From the June 2008 issue of The Atlantic, an essay by Professor X:
Sending everyone under the sun to college is a noble initiative. Academia is all for it, naturally. Industry is all for it; some companies even help with tuition costs. Government is all for it; the truly needy have lots of opportunities for financial aid. The media applauds it — try to imagine someone speaking out against the idea. To oppose such a scheme of inclusion would be positively churlish. But one piece of the puzzle hasn’t been figured into the equation, to use the sort of phrase I encounter in the papers submitted by my English 101 students. The zeitgeist of academic possibility is a great inverted pyramid, and its rather sharp point is poking, uncomfortably, a spot just about midway between my shoulder blades.This essay is required reading for anyone thinking about American education. And it's available online:
For I, who teach these low-level, must-pass, no-multiple-choice-test classes, am the one who ultimately delivers the news to those unfit for college: that they lack the most-basic skills and have no sense of the volume of work required; that they are in some cases barely literate; that they are so bereft of schemata, so dispossessed of contexts in which to place newly acquired knowledge, that every bit of information simply raises more questions. They are not ready for high school, some of them, much less for college.
I am the man who has to lower the hammer.
"In the Basement of the Ivory Tower" (The Atlantic)
comments: 4
Thanks for the link. I laughed out loud at parts of it.

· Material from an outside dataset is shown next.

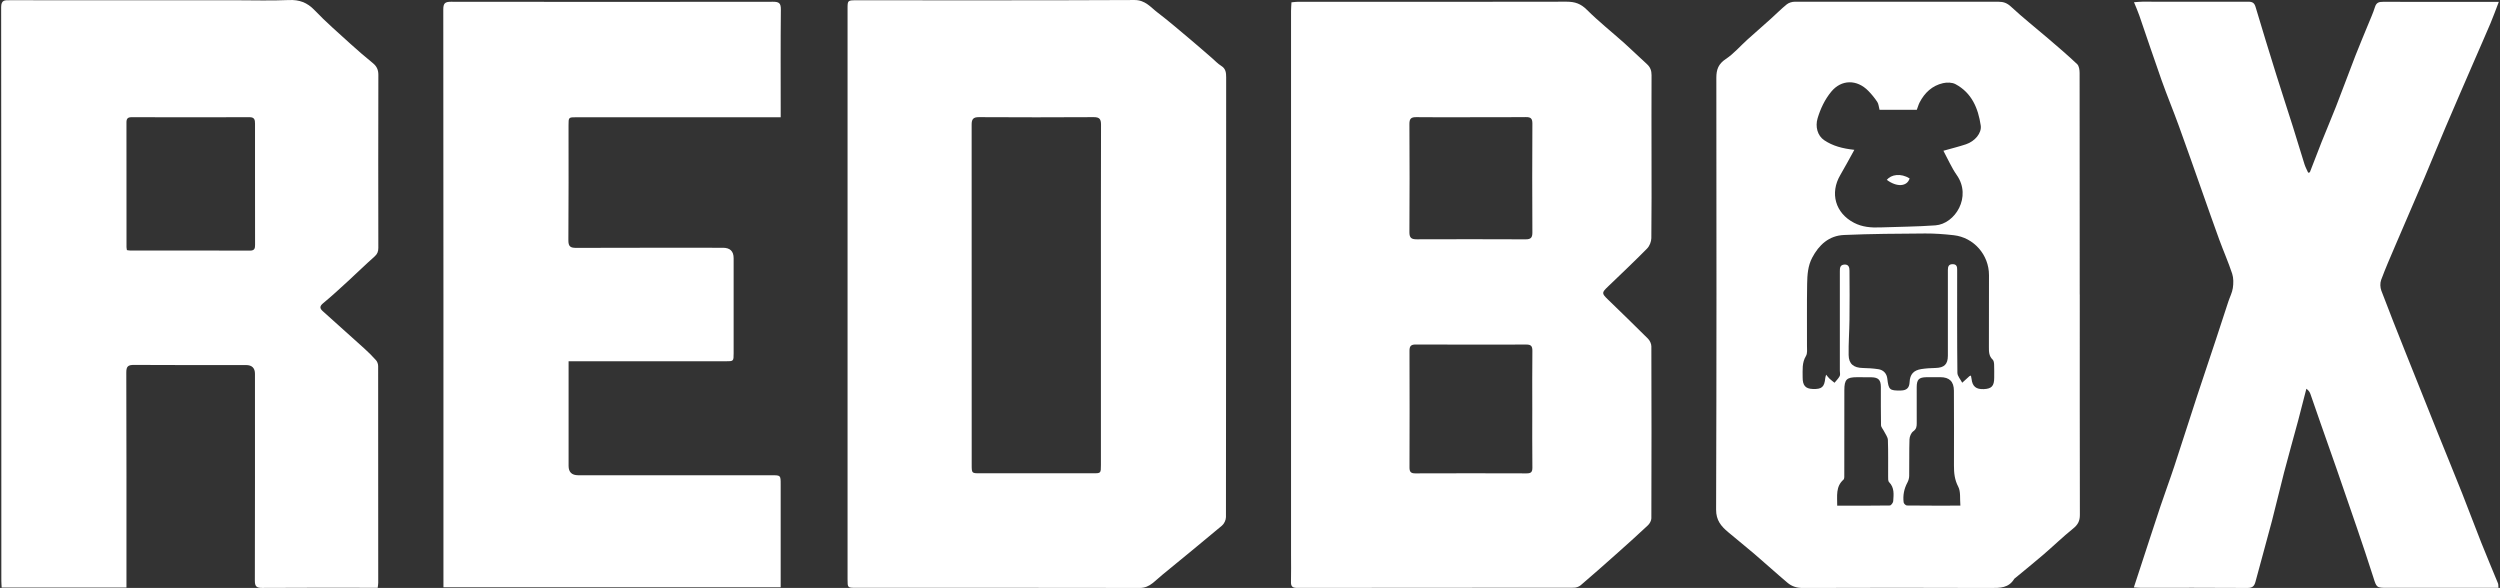<?xml version="1.0" encoding="UTF-8"?> <svg xmlns="http://www.w3.org/2000/svg" width="1080" height="254" viewBox="0 0 1080 254" fill="none"><rect x="0" y="0" width="1080" height="254" fill="#333333" stroke="none"/><path d="M557.9 1.005C558.998 0.913 559.923 0.765 560.849 0.765C599.482 0.765 638.125 0.845 676.757 0.73C680.392 0.73 682.907 1.599 685.535 4.228C690.644 9.326 696.336 13.829 701.731 18.652C705.046 21.624 708.212 24.756 711.515 27.739C712.967 29.053 713.481 30.573 713.469 32.516C713.412 44.335 713.447 56.142 713.458 67.96C713.458 79.607 713.527 91.242 713.378 102.889C713.355 104.397 712.612 106.272 711.561 107.346C706.04 112.947 700.325 118.365 694.645 123.805C691.936 126.4 691.879 126.708 694.496 129.257C700.325 134.938 706.189 140.561 711.938 146.322C712.738 147.122 713.389 148.516 713.389 149.625C713.469 174.381 713.469 199.127 713.389 223.883C713.389 224.9 712.692 226.169 711.927 226.901C707.709 230.878 703.4 234.741 699.068 238.605C693.708 243.382 688.324 248.148 682.861 252.823C682.107 253.475 680.895 253.886 679.889 253.886C640.045 253.932 600.202 253.909 560.358 253.966C558.289 253.966 557.649 253.315 557.706 251.326C557.809 247.36 557.729 243.394 557.729 239.428C557.729 161.203 557.729 82.978 557.729 4.754C557.729 3.565 557.843 2.376 557.912 1.005H557.9ZM661.945 176.656C661.945 168.301 661.887 159.934 661.99 151.579C662.013 149.568 661.419 148.836 659.384 148.847C643.44 148.893 627.507 148.882 611.563 148.825C609.54 148.825 608.888 149.533 608.9 151.545C608.957 168.346 608.957 185.148 608.9 201.95C608.9 203.836 609.471 204.498 611.403 204.498C627.427 204.441 643.463 204.441 659.487 204.498C661.373 204.498 662.013 203.961 661.99 201.995C661.887 193.549 661.945 185.102 661.945 176.667V176.656ZM635.656 50.644C627.724 50.644 619.803 50.724 611.871 50.609C609.654 50.575 608.854 51.227 608.865 53.535C608.957 69.126 608.968 84.727 608.865 100.317C608.854 102.774 609.757 103.392 612.02 103.38C627.701 103.323 643.383 103.323 659.064 103.392C661.327 103.392 662.002 102.672 661.99 100.409C661.899 84.727 661.899 69.046 661.99 53.364C661.99 51.192 661.293 50.564 659.19 50.587C651.349 50.69 643.509 50.621 635.668 50.621L635.656 50.644Z" fill="white"></path><path d="M366.145 127.072C366.145 86.017 366.145 44.973 366.145 3.918C366.145 0.135 366.145 0.123 370.02 0.123C410.035 0.123 450.05 0.203 490.065 0.009C494.786 -0.014 497.072 3.141 500.078 5.427C504.81 9.027 509.313 12.924 513.873 16.742C517.119 19.462 520.297 22.251 523.497 25.017C524.834 26.171 526.057 27.52 527.543 28.434C529.566 29.68 529.703 31.418 529.703 33.486C529.669 96.784 529.692 160.093 529.612 223.39C529.612 224.636 528.846 226.259 527.898 227.059C519.405 234.203 510.787 241.198 502.227 248.238C500.775 249.427 499.426 250.741 497.952 251.896C496.329 253.176 494.649 253.987 492.374 253.987C451.502 253.907 410.618 253.93 369.745 253.93C366.156 253.93 366.145 253.93 366.145 250.216C366.145 209.16 366.145 168.116 366.145 127.061V127.072ZM475.595 127.655C475.595 103.082 475.573 78.508 475.641 53.946C475.641 51.58 475.115 50.597 472.509 50.608C455.959 50.711 439.398 50.7 422.848 50.608C420.379 50.597 419.75 51.568 419.75 53.808C419.784 102.864 419.762 151.921 419.773 200.977C419.773 204.417 419.864 204.463 423.248 204.463C439.546 204.463 455.834 204.463 472.132 204.463C475.584 204.463 475.595 204.463 475.595 200.84C475.595 176.437 475.595 152.046 475.595 127.644V127.655Z" fill="white"></path><path d="M54.652 253.804H0.716C0.67 252.775 0.579 251.861 0.579 250.947C0.567 168.322 0.59 85.708 0.499 3.083C0.499 -0.049 2.099 0.088 4.179 0.1C36.696 0.111 69.202 0.1 101.72 0.111C109.4 0.111 117.081 0.363 124.739 0.02C129.299 -0.175 132.683 1.048 135.871 4.386C140.752 9.495 146.124 14.147 151.359 18.913C154.513 21.782 157.759 24.559 161.062 27.257C162.731 28.617 163.451 30.125 163.451 32.32C163.383 57.248 163.394 82.165 163.44 107.093C163.44 108.67 163.017 109.756 161.794 110.83C157.896 114.282 154.182 117.928 150.353 121.437C146.821 124.672 143.312 127.941 139.609 130.981C137.963 132.33 138.123 133.255 139.483 134.467C145.45 139.816 151.439 145.154 157.371 150.537C159.154 152.149 160.868 153.84 162.457 155.635C163.005 156.263 163.36 157.292 163.36 158.149C163.406 189.375 163.406 220.589 163.394 251.815C163.394 252.398 163.268 252.981 163.165 253.918C162 253.918 160.914 253.918 159.817 253.918C144.295 253.918 128.774 253.861 113.241 253.975C110.692 253.998 110.086 253.198 110.098 250.764C110.178 221.012 110.143 191.261 110.143 161.498C110.143 158.976 108.856 157.711 106.28 157.703C90.153 157.703 74.025 157.749 57.898 157.646C55.327 157.623 54.549 158.286 54.561 160.949C54.664 190.792 54.629 220.635 54.629 250.466C54.629 251.484 54.629 252.501 54.629 253.793L54.652 253.804ZM54.824 108.053C55.407 108.133 55.818 108.224 56.23 108.224C73.477 108.224 90.724 108.202 107.983 108.27C109.995 108.27 110.2 107.287 110.189 105.71C110.155 95.183 110.166 84.668 110.166 74.141C110.166 67.238 110.166 60.346 110.166 53.442C110.166 51.842 109.983 50.619 107.823 50.63C90.827 50.687 73.843 50.676 56.847 50.63C55.132 50.63 54.618 51.305 54.629 52.939C54.664 70.884 54.652 88.817 54.652 106.761C54.652 107.104 54.744 107.436 54.824 108.053Z" fill="white"></path><path d="M898.458 127.268C898.458 159.008 898.435 190.748 898.504 222.488C898.504 225.094 897.612 226.706 895.6 228.329C891.166 231.906 887.051 235.895 882.719 239.621C878.776 243.016 874.718 246.274 870.707 249.6C870.512 249.76 870.249 249.897 870.124 250.114C867.758 254.023 864.043 254.011 860.054 254C832.977 253.897 805.889 253.897 778.812 254C776.218 254 774.069 253.326 772.24 251.783C767.405 247.714 762.731 243.439 757.93 239.336C754.181 236.124 750.306 233.049 746.535 229.861C743.54 227.323 741.334 224.82 741.357 220.145C741.574 157.957 741.529 95.768 741.46 33.59C741.46 30.002 742.363 27.601 745.552 25.487C749.004 23.201 751.781 19.898 754.89 17.097C758.25 14.069 761.668 11.108 765.039 8.079C767.337 6.022 769.497 3.805 771.897 1.873C772.8 1.153 774.206 0.742 775.383 0.742C804.712 0.707 834.029 0.764 863.357 0.753C865.529 0.753 867.061 1.313 868.775 2.902C873.941 7.714 879.507 12.08 884.868 16.686C889.085 20.298 893.314 23.898 897.338 27.716C898.161 28.504 898.389 30.23 898.389 31.522C898.446 63.433 898.435 95.345 898.435 127.256H898.458V127.268ZM788.904 161.888C789.533 162.631 789.91 163.168 790.379 163.603C791.053 164.231 791.796 164.769 792.516 165.352C793.282 164.403 794.185 163.534 794.745 162.483C795.065 161.877 794.814 160.963 794.814 160.185C794.814 145.864 794.814 131.554 794.814 117.233C794.814 115.827 794.848 114.375 796.848 114.284C798.757 114.204 798.963 115.724 798.974 116.913C799.054 123.976 799.043 131.051 798.974 138.126C798.917 143.201 798.528 148.276 798.608 153.35C798.665 157.236 800.803 158.905 804.757 158.974C806.986 159.008 809.226 159.157 811.432 159.488C813.684 159.82 815.067 161.397 815.318 163.557C815.879 168.392 816.279 168.803 821.228 168.7C823.628 168.643 824.828 167.592 824.942 165.123C825.091 161.728 826.645 159.968 829.994 159.442C832.017 159.122 834.086 159.008 836.143 158.962C839.892 158.871 841.469 157.397 841.481 153.67C841.504 147.293 841.481 140.904 841.481 134.526C841.481 128.571 841.504 122.627 841.481 116.673C841.481 115.198 841.801 114.101 843.584 114.124C845.264 114.147 845.527 115.21 845.493 116.558C845.47 117.507 845.493 118.456 845.493 119.404C845.493 133.291 845.436 147.178 845.596 161.054C845.607 162.494 846.956 163.911 847.676 165.34C848.727 164.38 849.767 163.431 850.819 162.483C850.922 162.391 851.116 162.38 851.448 162.266C851.539 162.757 851.653 163.226 851.71 163.694C852.076 166.94 853.654 168.255 857.048 168.095C860.386 167.946 861.494 166.735 861.494 163.203C861.494 161.305 861.54 159.408 861.46 157.511C861.426 156.779 861.311 155.808 860.843 155.373C859.174 153.819 859.208 151.876 859.208 149.887C859.22 139.543 859.243 129.188 859.243 118.844C859.243 110.101 852.693 102.58 843.995 101.608C839.915 101.151 835.789 100.843 831.686 100.865C819.982 100.945 808.266 101.003 796.574 101.517C790.15 101.803 785.807 105.734 782.858 111.335C780.995 114.878 780.755 118.73 780.687 122.547C780.527 131.508 780.652 140.481 780.618 149.453C780.618 150.904 780.858 152.653 780.184 153.762C778.378 156.722 778.766 159.865 778.744 162.997C778.721 166.54 779.955 167.923 783.098 168.038C787.019 168.186 788.139 167.215 788.516 163.34C788.55 162.951 788.699 162.574 788.882 161.866L788.904 161.888ZM811.958 47.409C811.615 46.152 811.57 44.917 810.987 44.037C809.866 42.346 808.564 40.745 807.146 39.294C802.151 34.162 795.442 34.356 791.133 39.568C788.31 42.986 786.481 46.883 785.213 51.066C784.115 54.701 785.144 58.61 788.047 60.564C791.728 63.045 795.957 64.176 801.077 64.725C798.974 68.519 797.065 72.108 795.008 75.617C790.436 83.389 792.825 92.065 800.963 96.259C804.552 98.111 808.289 98.385 812.175 98.248C820.142 97.962 828.131 97.928 836.075 97.356C844.647 96.739 851.882 84.978 845.333 75.652C843.07 72.417 841.481 68.702 839.549 65.125C843.241 64.085 846.304 63.33 849.287 62.336C853.162 61.044 856.157 57.49 855.677 54.221C854.579 46.792 851.825 40.128 844.773 36.356C843.298 35.568 841.081 35.533 839.389 35.922C834.726 36.985 831.457 40.037 829.274 44.254C828.805 45.157 828.543 46.152 828.063 47.432H811.97L811.958 47.409ZM846.887 218.442C846.613 215.379 847.082 212.396 845.961 210.259C844.373 207.23 844.098 204.292 844.11 201.104C844.144 190.325 844.144 179.547 844.087 168.769C844.064 164.792 842.11 162.951 838.212 162.94C836.235 162.94 834.246 162.917 832.269 162.951C828.943 163.008 828.028 163.934 828.017 167.306C828.005 172.484 828.017 177.65 828.028 182.828C828.028 184.211 827.925 185.342 826.52 186.336C825.605 186.988 824.942 188.588 824.897 189.788C824.725 195.046 824.851 200.303 824.771 205.561C824.759 206.533 824.474 207.584 824.016 208.43C822.553 211.139 821.993 214.008 822.371 217.025C822.439 217.551 823.285 218.374 823.788 218.374C831.274 218.465 838.761 218.431 846.887 218.431V218.442ZM793.682 218.454C801.466 218.454 808.929 218.488 816.404 218.374C816.919 218.374 817.822 217.197 817.867 216.522C818.062 213.642 818.462 210.693 816.084 208.281C815.604 207.801 815.684 206.67 815.673 205.835C815.639 200.578 815.764 195.32 815.57 190.074C815.524 188.805 814.518 187.559 813.913 186.325C813.478 185.422 812.61 184.553 812.598 183.65C812.472 178.141 812.564 172.621 812.53 167.112C812.507 164.117 811.444 163.054 808.506 162.986C806.438 162.94 804.369 162.963 802.3 162.951C797.728 162.951 796.757 163.934 796.757 168.586C796.757 180.644 796.757 192.714 796.734 204.772C796.734 205.607 796.848 206.796 796.368 207.218C792.951 210.259 793.705 214.19 793.671 218.465L793.682 218.454Z" fill="white"></path><path d="M337.216 50.654C335.708 50.654 334.53 50.654 333.342 50.654C305.225 50.654 277.108 50.654 249.002 50.654C245.619 50.654 245.608 50.665 245.608 54.094C245.608 70.656 245.676 87.206 245.539 103.767C245.516 106.488 246.419 107.093 248.922 107.082C270.056 107.002 291.178 107.036 312.311 107.036C315.389 107.036 316.929 108.53 316.929 111.517C316.929 125.232 316.929 138.936 316.929 152.652C316.929 156.069 316.906 156.069 313.465 156.069C291.989 156.069 270.513 156.069 249.048 156.069C248.031 156.069 247.025 156.069 245.63 156.069C245.63 157.361 245.63 158.367 245.63 159.373C245.63 173.34 245.63 187.318 245.63 201.285C245.63 203.96 247.017 205.301 249.791 205.308C277.645 205.308 305.499 205.308 333.353 205.308C337.251 205.308 337.251 205.308 337.251 209.24C337.251 222.956 337.251 236.66 337.251 250.376C337.251 251.404 337.251 252.433 337.251 253.702H191.568V250.398C191.568 168.299 191.58 86.2 191.5 4.101C191.5 1.449 192.22 0.763 194.803 0.763C241.196 0.832 287.6 0.832 333.993 0.763C336.542 0.763 337.353 1.392 337.331 4.089C337.182 18.571 337.262 33.063 337.262 47.556C337.262 48.413 337.262 49.271 337.262 50.676L337.216 50.654Z" fill="white"></path><path d="M997.861 74.406C999.564 70.028 1001.22 65.628 1002.96 61.262C1004.98 56.187 1007.14 51.181 1009.13 46.095C1011.99 38.768 1014.7 31.373 1017.54 24.047C1019.27 19.612 1021.13 15.246 1022.93 10.834C1023.98 8.228 1025.17 5.668 1026 2.994C1026.6 1.073 1027.76 0.776 1029.48 0.788C1043.27 0.822 1057.07 0.81 1070.86 0.81C1073.59 0.81 1076.33 0.81 1079.48 0.81C1078.18 4.171 1077.15 7.097 1075.94 9.954C1073.67 15.315 1071.31 20.63 1069 25.967C1064.83 35.602 1060.62 45.238 1056.51 54.896C1053.39 62.211 1050.43 69.583 1047.32 76.898C1043.18 86.613 1038.95 96.294 1034.8 106.009C1032.69 110.958 1030.52 115.896 1028.65 120.936C1028.15 122.296 1028.23 124.182 1028.74 125.565C1032.12 134.503 1035.66 143.373 1039.19 152.253C1043.87 163.992 1048.56 175.719 1053.27 187.434C1056.71 195.983 1060.22 204.498 1063.63 213.071C1066.43 220.111 1069.04 227.221 1071.85 234.273C1074.21 240.216 1076.71 246.102 1079.14 252.023C1079.32 252.469 1079.25 253.017 1079.33 253.943C1078.1 253.943 1077.02 253.943 1075.95 253.943C1061.11 253.943 1046.29 253.943 1031.45 253.943C1026.58 253.943 1026.7 253.897 1025.22 249.211C1022.98 242.125 1020.58 235.073 1018.19 228.032C1015.28 219.471 1012.32 210.922 1009.35 202.373C1007.05 195.766 1004.7 189.171 1002.39 182.565C1000.95 178.45 999.541 174.324 998.101 170.209C997.827 169.432 997.392 168.701 996.352 167.935C995.175 172.53 994.02 177.124 992.798 181.696C990.786 189.194 988.66 196.658 986.705 204.156C984.888 211.105 983.299 218.123 981.471 225.072C979.173 233.827 976.693 242.536 974.373 251.292C973.859 253.212 973.07 254 970.875 253.989C955.445 253.875 940.004 253.932 924.574 253.92C923.819 253.92 923.065 253.829 921.819 253.76C922.848 250.617 923.797 247.725 924.745 244.834C927.591 236.147 930.403 227.438 933.295 218.774C935.238 212.945 937.398 207.196 939.318 201.367C942.644 191.309 945.822 181.205 949.125 171.147C951.845 162.86 954.645 154.597 957.388 146.322C959.16 140.972 960.886 135.6 962.657 130.24C963.298 128.297 964.303 126.411 964.589 124.422C964.875 122.411 964.921 120.148 964.303 118.25C962.646 113.233 960.497 108.386 958.68 103.415C956.188 96.603 953.811 89.745 951.388 82.898C948.028 73.4 944.713 63.891 941.273 54.427C938.861 47.775 936.141 41.237 933.775 34.574C930.483 25.304 927.386 15.966 924.174 6.674C923.557 4.879 922.768 3.131 921.888 0.959C923.511 0.856 924.517 0.73 925.523 0.73C940.781 0.73 956.051 0.788 971.31 0.742C973.081 0.742 973.904 1.291 974.407 3.005C977.31 12.743 980.293 22.47 983.322 32.173C985.654 39.66 988.123 47.112 990.489 54.599C992.215 60.05 993.826 65.548 995.552 71C995.952 72.246 996.604 73.412 997.141 74.623C997.392 74.555 997.644 74.486 997.895 74.418L997.861 74.406Z" fill="white"></path><path d="M815.091 77.696C817 75.376 821.126 74.702 824.955 77.079C823.88 80.622 819.446 80.954 815.091 77.696Z" fill="white"></path></svg>

Fascinating article, and very true. I hear the same sentiments voiced by a friend who is an adjunct at the same type of schools as Professor X.
But the problem begins even earlier. There are high schools where everyone is encouraged to take college prep courses, AP and IB, and everyone is supposed to succeed at them. The high school teachers are caught between a rock and a hard place - administrative demands that students not only pass, but earn high grades versus the reality that not everyone can.
I really enjoyed and agreed with the article. The ending sealed it amazingly well, though.
"I skip the denouement: the intellectually ambitious scarecrow proudly mangles the Pythagorean theorem and is awarded a questionable diploma in a dreamland far removed from reality. That’s art holding up a mirror all too closely to our own poignant scholarly endeavors."
This essay seems to be the occasion for laughter and tears — laughter at the absurdity, tears for the human toll. Thanks, everyone, for the comments.